Awesome-omni-skill SEO GEO (Generative Engine Optimization)

Optimization for AI-powered search engines and generative answer systems as of February 2026.

install

source · Clone the upstream repo

git clone https://github.com/diegosouzapw/awesome-omni-skill

Claude Code · Install into ~/.claude/skills/

T=$(mktemp -d) && git clone --depth=1 https://github.com/diegosouzapw/awesome-omni-skill "$T" && mkdir -p ~/.claude/skills && cp -r "$T/skills/data-ai/seo-geo-generative-engine-optimization" ~/.claude/skills/diegosouzapw-awesome-omni-skill-seo-geo-generative-engine-optimization && rm -rf "$T"

manifest: skills/data-ai/seo-geo-generative-engine-optimization/SKILL.md

source content

GEO (Generative Engine Optimization) Skill

Purpose

Optimize content for visibility in AI-powered search experiences including Google AI Overviews, ChatGPT Search, Perplexity, Bing Copilot, and other generative answer engines. GEO represents the evolution of SEO for the AI search era, where content must be structured for both traditional crawlers and large language model citation.

Key Statistics (February 2026)

Metric	Value	Source
Google AI Overviews monthly users	1.5 billion	Google I/O 2025
ChatGPT weekly active users	900 million	OpenAI Q4 2025
Brand mentions correlation with AI visibility	3x stronger than backlinks	Ahrefs December 2025 study
AI Overview appearance rate (US)	~35% of informational queries	BrightEdge Q1 2026
Users who click through from AI answers	42% (when citation is present)	Rand Fishkin / SparkToro 2025
Content with structured data cited by AI	2.1x more often	Semrush AI Search Study 2025

Core GEO Optimization Pillars

1. Citability Scoring

AI models select passages to cite based on information density, clarity, and standalone comprehensibility.

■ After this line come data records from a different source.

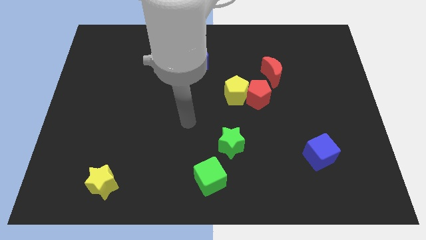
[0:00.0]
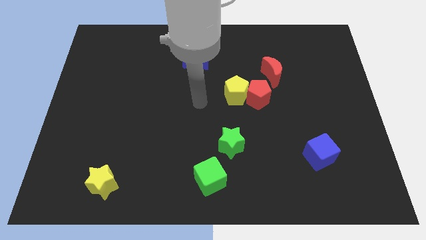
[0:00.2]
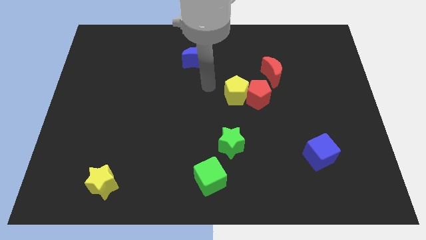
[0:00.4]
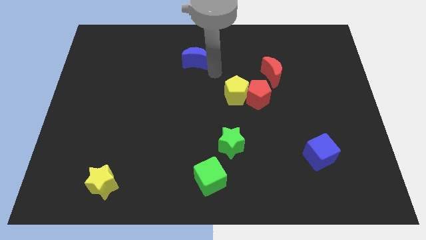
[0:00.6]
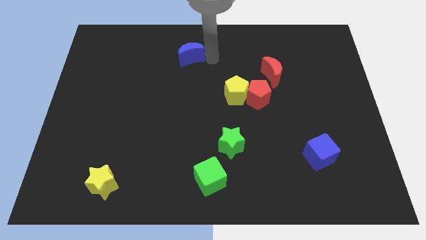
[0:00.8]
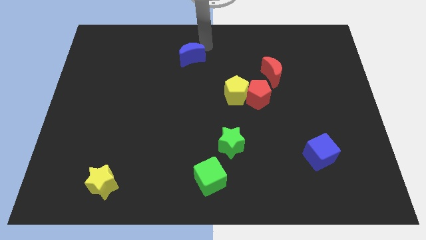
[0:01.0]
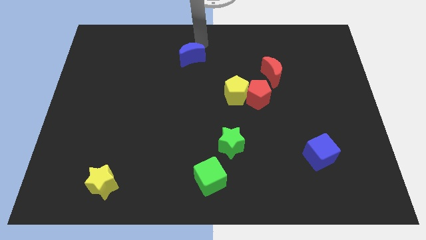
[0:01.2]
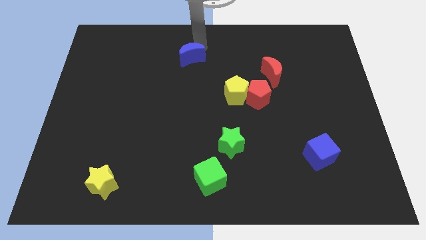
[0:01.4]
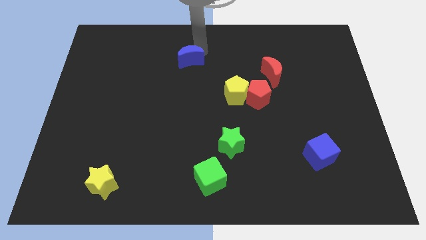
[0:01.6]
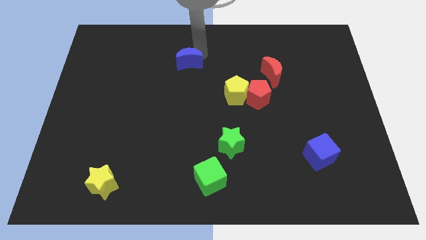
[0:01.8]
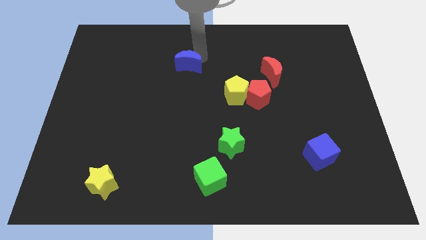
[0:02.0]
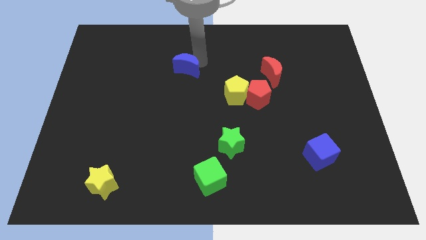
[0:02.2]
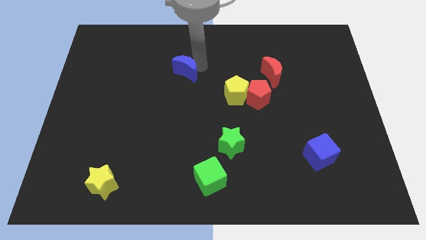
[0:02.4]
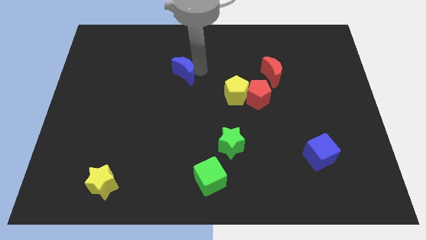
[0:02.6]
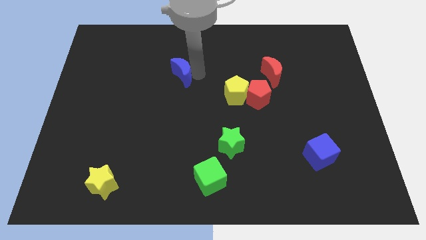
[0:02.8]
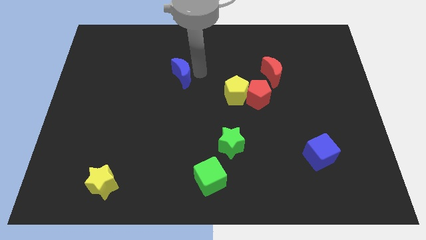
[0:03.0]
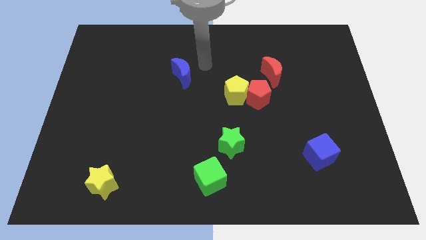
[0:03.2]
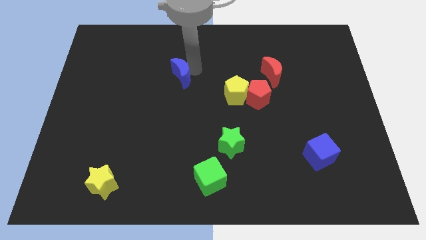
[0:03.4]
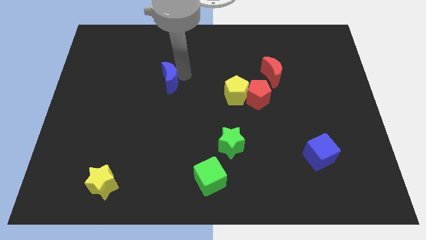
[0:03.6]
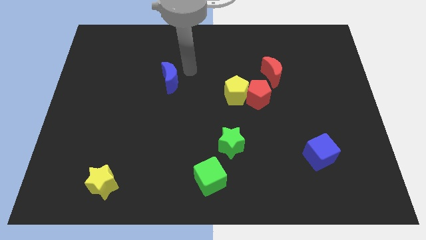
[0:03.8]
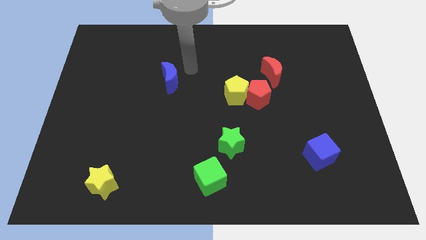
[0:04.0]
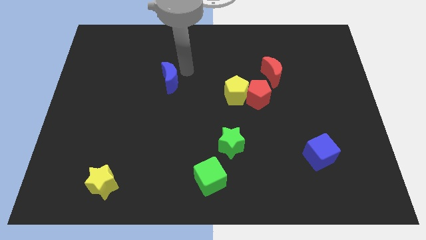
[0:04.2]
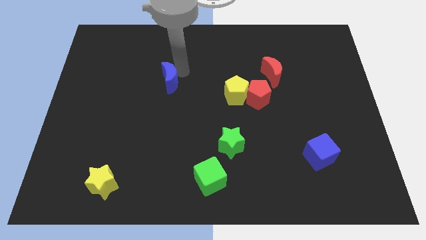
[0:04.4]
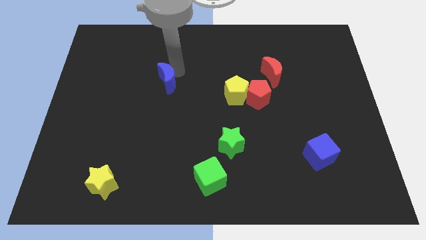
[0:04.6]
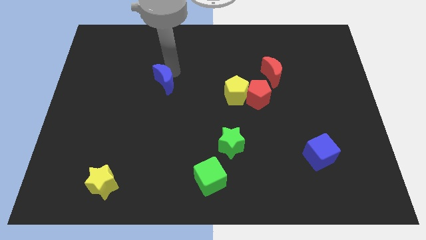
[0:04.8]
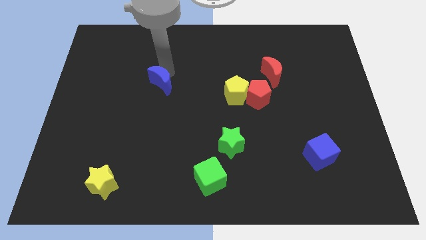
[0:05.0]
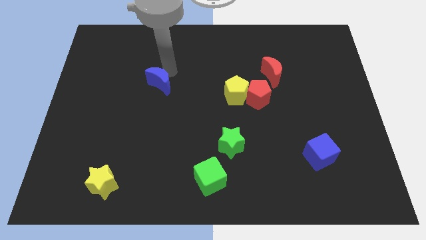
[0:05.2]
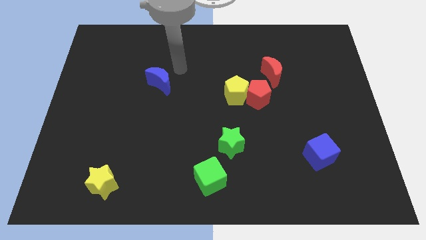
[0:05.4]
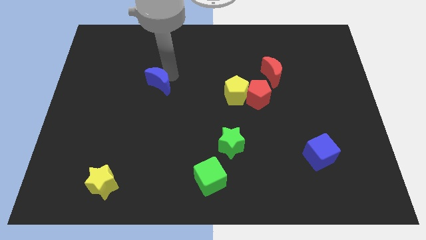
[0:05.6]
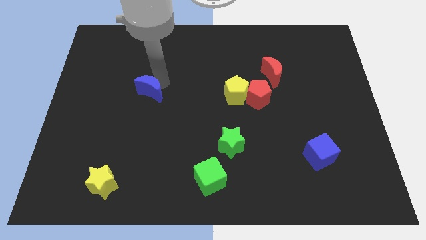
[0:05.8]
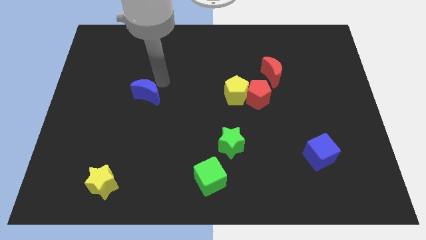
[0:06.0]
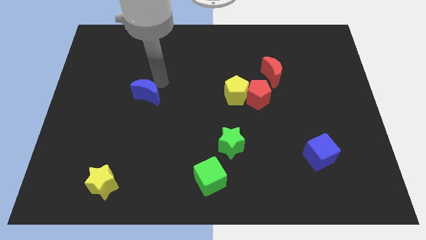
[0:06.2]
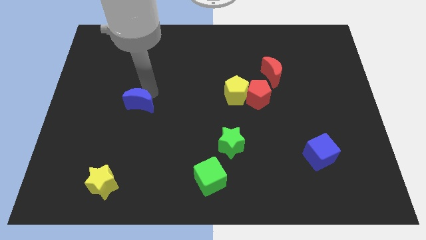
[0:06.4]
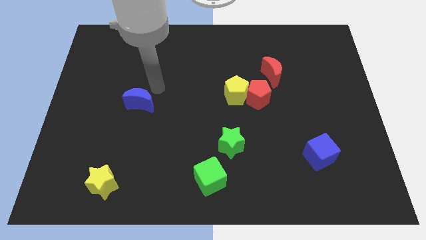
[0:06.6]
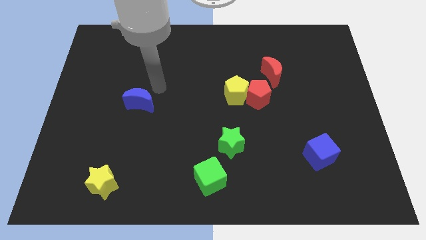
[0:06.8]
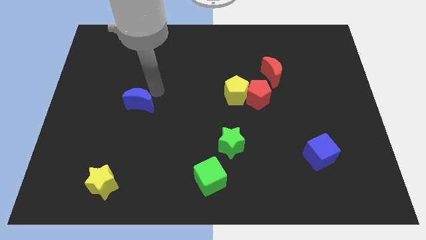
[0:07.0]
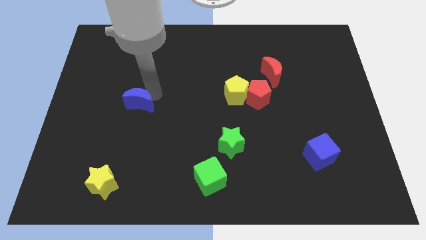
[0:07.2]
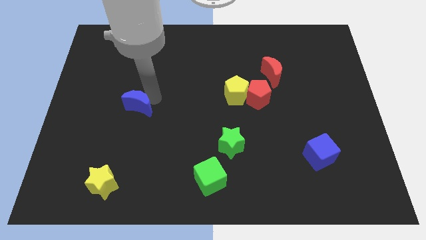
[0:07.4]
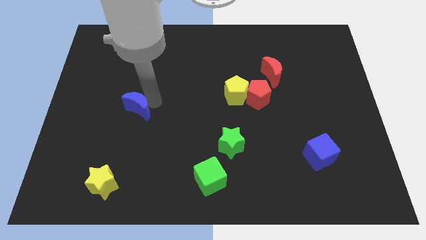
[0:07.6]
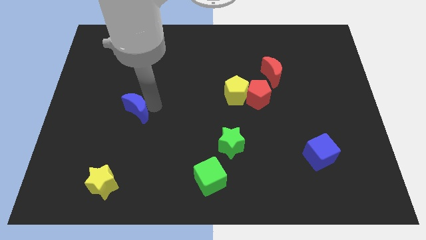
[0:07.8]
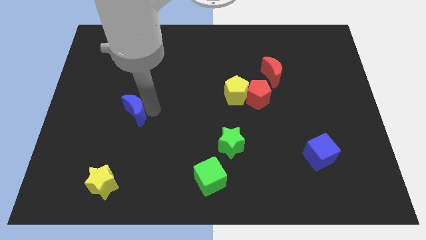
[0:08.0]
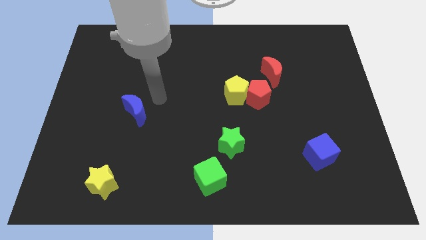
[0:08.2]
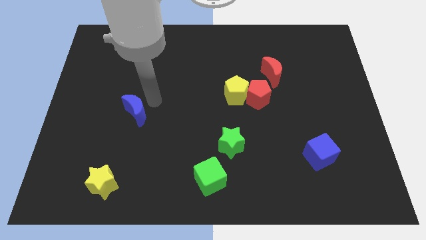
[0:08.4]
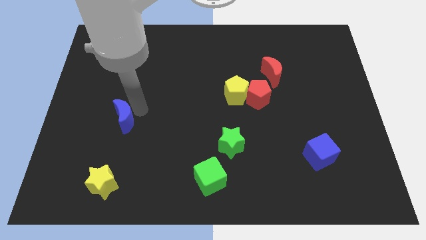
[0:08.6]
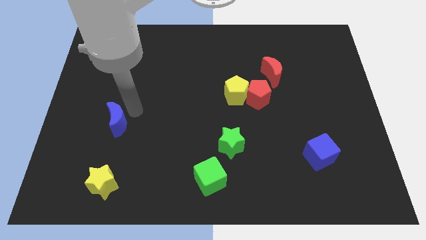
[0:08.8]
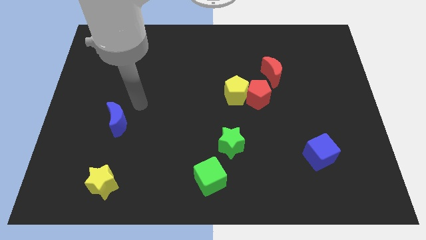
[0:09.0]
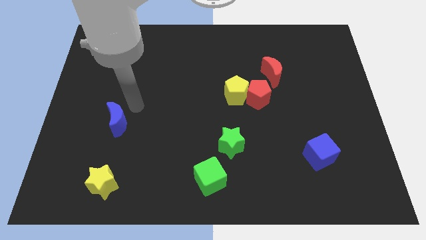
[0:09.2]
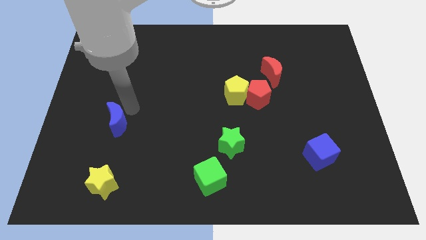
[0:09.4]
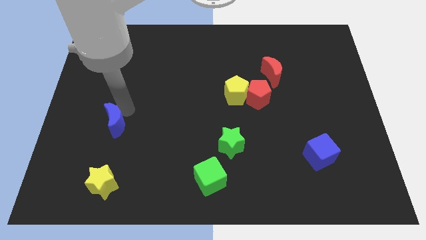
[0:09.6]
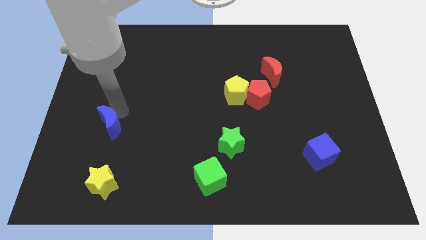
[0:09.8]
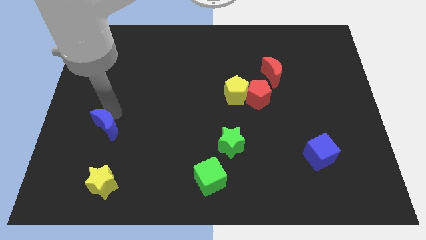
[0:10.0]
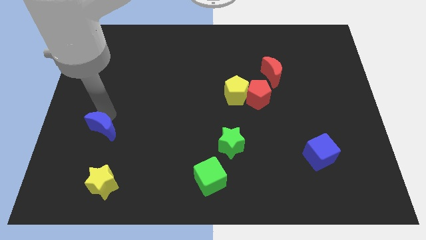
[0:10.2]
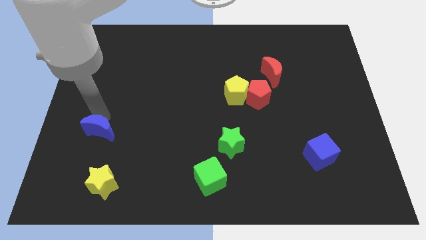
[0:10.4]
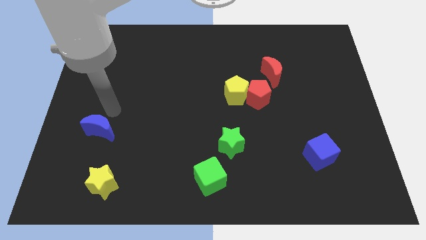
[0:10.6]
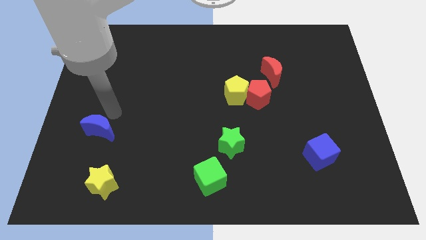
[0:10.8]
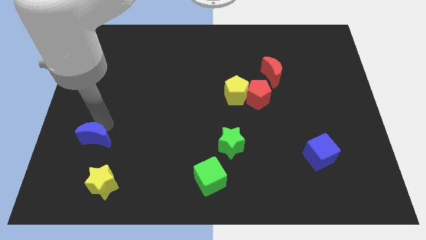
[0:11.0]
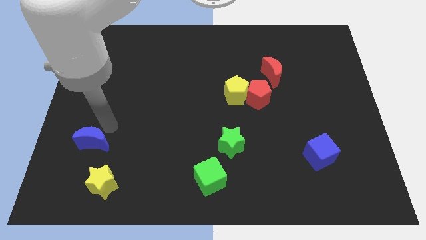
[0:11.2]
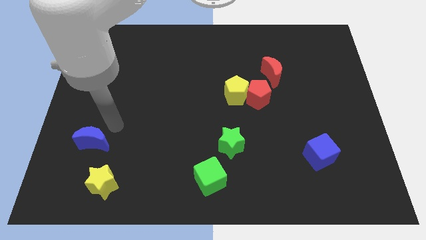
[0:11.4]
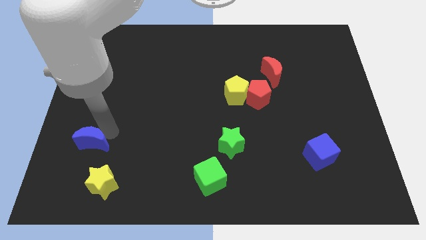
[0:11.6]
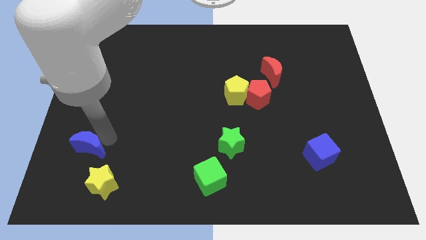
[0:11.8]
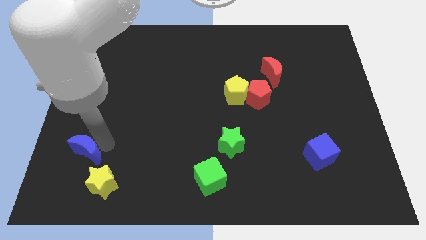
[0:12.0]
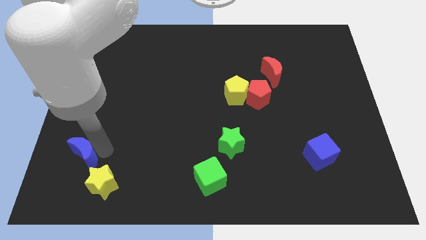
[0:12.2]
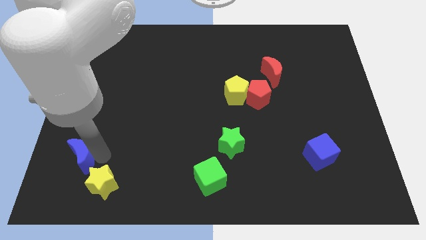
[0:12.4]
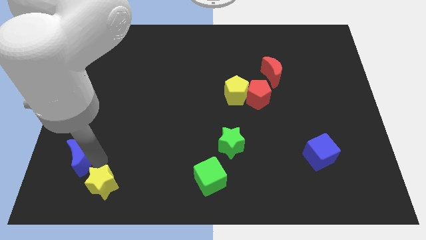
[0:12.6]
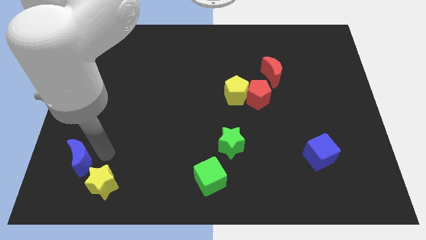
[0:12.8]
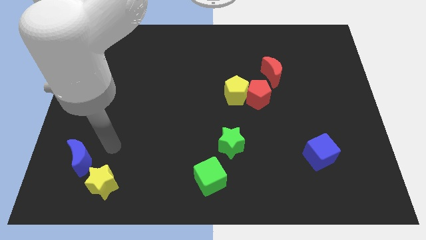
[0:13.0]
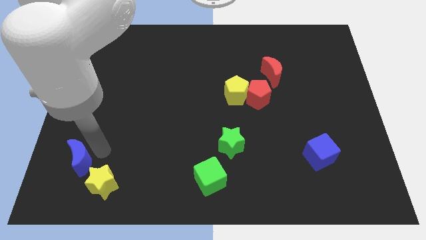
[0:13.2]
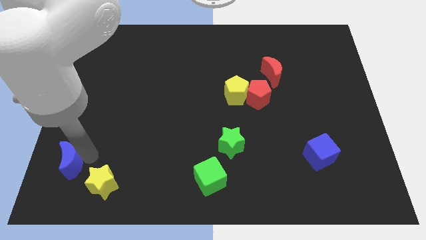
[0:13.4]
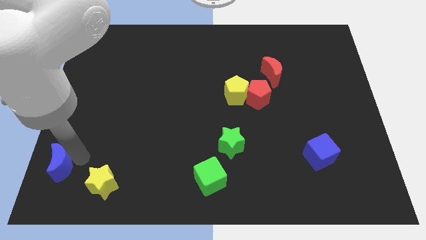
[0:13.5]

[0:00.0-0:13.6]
put the blue moon to the lower left corner

Optimal Passage Characteristics:

Factor	Target	Rationale
Passage length	134 to 167 words	Research shows AI models preferentially cite passages in this range. Too short lacks context; too long gets truncated.
Self-contained meaning	Each paragraph should make sense without surrounding context	AI models extract individual passages, not full pages.
Factual density	Include specific numbers, dates, percentages, or named entities	Concrete data points increase citation probability.
First-sentence clarity	Lead with the key claim or answer	Models often use the first sentence of a paragraph as the citation anchor.
Definitional structure	Use "[Term] is [definition]" patterns for key concepts	Direct definitions are highly citable.

Citability Checklist:

Does each key paragraph answer a specific question?
Can each paragraph be extracted and still make complete sense?
Does the passage contain at least one specific data point, statistic, or named reference?
Is the key claim in the first sentence, not buried in the middle?
Is the language clear and unambiguous (no pronoun-heavy references to other paragraphs)?

2. Structural Readability

AI models parse document structure to identify relevant sections. Optimize structure for machine comprehension:

Heading Hierarchy:

Use a single H1 that clearly states the page topic
H2 headings should map to distinct subtopics (treat them like chapter titles)
H3 headings should address specific questions within each subtopic
Never skip heading levels (H1 to H3 without H2)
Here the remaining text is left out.